Das Verbrennen von Milliarden Tokens klingt wie ein leichter Weg zu einem Preispump, aber die Geschichte zeigt, dass über 90% der großen Token-Burns keine langfristige Erholung auslösen.
Die meisten Retail-Investoren geraten in die Falle, den Hype deflationärer Events zu kaufen, in der Erwartung eines schnellen Moonshots. Stattdessen enden sie damit, Tüten zu halten, die langsam ausbluten, weil sie die eigentliche Nachfrageseite der Gleichung ignorieren.
Schauen wir uns $LUNC als ein Paradebeispiel an. Die Community hat kürzlich eine weitere Woche von Burns gefeiert, angetrieben von Top-Volumen-Tradern. Auch wenn es so wirkt, als würde Fortschritt entstehen, weil Millionen Tokens an die Dead-Adresse geschickt wurden, liegt die Realität darin, dass das zirkulierende Angebot immer noch in den Billionen sitzt. Ohne massive, nachhaltige Utility sind diese Burns nur ein Tropfen im Ozean.
Wenn man sich die On-Chain-Daten ansieht, funktionieren Token-Burns nur, wenn die Nachfrage die Burn-Rate übertrifft. Wenn das Handelsvolumen zwar ansteigt, das allgemeine Interesse an $LUNA Ökosystem-Assets jedoch weiter sinkt, fällt der Preis weiter – egal, wie viele Tokens zerstört werden. Das ist eine klassische Liquiditätsfalle: Retail wird wegen Kennzahlen zum Angebot aufgeregt, während Wale den temporären Pump für Exit-Liquidität nutzen.
Glaubst du, dass Token-Burns für Legacy-Projekte tatsächlich etwas bewirken, oder ist es mittlerweile nur noch Marketing?
#crypto #lunc #tokenomics
Die meisten Retail-Investoren geraten in die Falle, den Hype deflationärer Events zu kaufen, in der Erwartung eines schnellen Moonshots. Stattdessen enden sie damit, Tüten zu halten, die langsam ausbluten, weil sie die eigentliche Nachfrageseite der Gleichung ignorieren.

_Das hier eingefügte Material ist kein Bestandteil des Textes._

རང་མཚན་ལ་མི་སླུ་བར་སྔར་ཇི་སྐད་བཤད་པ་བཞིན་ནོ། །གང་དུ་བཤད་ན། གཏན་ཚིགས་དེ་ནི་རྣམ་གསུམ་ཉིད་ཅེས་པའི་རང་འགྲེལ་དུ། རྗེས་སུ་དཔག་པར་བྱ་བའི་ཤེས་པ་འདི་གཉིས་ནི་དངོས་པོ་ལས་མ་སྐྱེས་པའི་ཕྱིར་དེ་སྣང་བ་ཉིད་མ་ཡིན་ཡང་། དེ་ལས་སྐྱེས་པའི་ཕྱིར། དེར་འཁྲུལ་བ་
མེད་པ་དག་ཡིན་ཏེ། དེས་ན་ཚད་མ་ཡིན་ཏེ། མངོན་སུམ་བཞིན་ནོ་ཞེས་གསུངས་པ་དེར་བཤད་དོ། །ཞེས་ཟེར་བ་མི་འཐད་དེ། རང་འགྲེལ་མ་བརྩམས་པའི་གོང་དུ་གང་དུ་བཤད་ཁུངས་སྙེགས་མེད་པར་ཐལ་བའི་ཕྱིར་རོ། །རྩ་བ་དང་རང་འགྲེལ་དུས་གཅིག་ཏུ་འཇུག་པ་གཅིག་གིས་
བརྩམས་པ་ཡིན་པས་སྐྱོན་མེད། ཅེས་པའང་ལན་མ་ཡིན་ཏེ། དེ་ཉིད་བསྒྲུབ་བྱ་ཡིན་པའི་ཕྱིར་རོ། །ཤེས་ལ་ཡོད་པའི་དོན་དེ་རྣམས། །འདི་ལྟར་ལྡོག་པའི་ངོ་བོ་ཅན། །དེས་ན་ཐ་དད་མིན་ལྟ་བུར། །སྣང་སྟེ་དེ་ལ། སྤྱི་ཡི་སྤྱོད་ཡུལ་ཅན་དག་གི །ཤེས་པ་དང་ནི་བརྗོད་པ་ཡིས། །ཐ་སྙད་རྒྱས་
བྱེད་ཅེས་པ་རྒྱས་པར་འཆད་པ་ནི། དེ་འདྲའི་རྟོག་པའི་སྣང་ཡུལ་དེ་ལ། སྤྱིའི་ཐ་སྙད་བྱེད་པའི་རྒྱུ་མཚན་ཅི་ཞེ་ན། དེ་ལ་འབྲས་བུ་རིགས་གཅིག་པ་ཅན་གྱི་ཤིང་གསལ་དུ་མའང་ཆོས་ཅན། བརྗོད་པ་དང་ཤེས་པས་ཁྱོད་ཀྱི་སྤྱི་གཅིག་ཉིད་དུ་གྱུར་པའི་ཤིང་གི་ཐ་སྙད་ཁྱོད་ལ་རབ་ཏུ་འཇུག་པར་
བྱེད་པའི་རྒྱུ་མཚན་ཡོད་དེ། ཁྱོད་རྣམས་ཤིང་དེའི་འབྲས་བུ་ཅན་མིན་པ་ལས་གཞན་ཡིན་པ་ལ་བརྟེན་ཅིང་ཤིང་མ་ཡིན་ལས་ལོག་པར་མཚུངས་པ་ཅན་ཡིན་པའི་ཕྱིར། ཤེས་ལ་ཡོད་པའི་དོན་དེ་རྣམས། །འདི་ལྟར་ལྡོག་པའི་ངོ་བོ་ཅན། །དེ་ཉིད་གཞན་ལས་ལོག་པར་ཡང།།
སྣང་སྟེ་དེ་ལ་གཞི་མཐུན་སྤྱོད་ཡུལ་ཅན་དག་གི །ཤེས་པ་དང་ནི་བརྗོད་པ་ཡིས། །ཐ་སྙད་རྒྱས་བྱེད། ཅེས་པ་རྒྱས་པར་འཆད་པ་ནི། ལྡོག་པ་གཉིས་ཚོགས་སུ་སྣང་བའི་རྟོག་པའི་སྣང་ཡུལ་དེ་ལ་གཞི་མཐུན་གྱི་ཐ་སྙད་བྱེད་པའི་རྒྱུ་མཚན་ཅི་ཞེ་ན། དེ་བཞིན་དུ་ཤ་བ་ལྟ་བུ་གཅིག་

Schauen wir uns $LUNC als ein Paradebeispiel an. Die Community hat kürzlich eine weitere Woche von Burns gefeiert, angetrieben von Top-Volumen-Tradern. Auch wenn es so wirkt, als würde Fortschritt entstehen, weil Millionen Tokens an die Dead-Adresse geschickt wurden, liegt die Realität darin, dass das zirkulierende Angebot immer noch in den Billionen sitzt. Ohne massive, nachhaltige Utility sind diese Burns nur ein Tropfen im Ozean.
Wenn man sich die On-Chain-Daten ansieht, funktionieren Token-Burns nur, wenn die Nachfrage die Burn-Rate übertrifft. Wenn das Handelsvolumen zwar ansteigt, das allgemeine Interesse an $LUNA Ökosystem-Assets jedoch weiter sinkt, fällt der Preis weiter – egal, wie viele Tokens zerstört werden. Das ist eine klassische Liquiditätsfalle: Retail wird wegen Kennzahlen zum Angebot aufgeregt, während Wale den temporären Pump für Exit-Liquidität nutzen.
Glaubst du, dass Token-Burns für Legacy-Projekte tatsächlich etwas bewirken, oder ist es mittlerweile nur noch Marketing?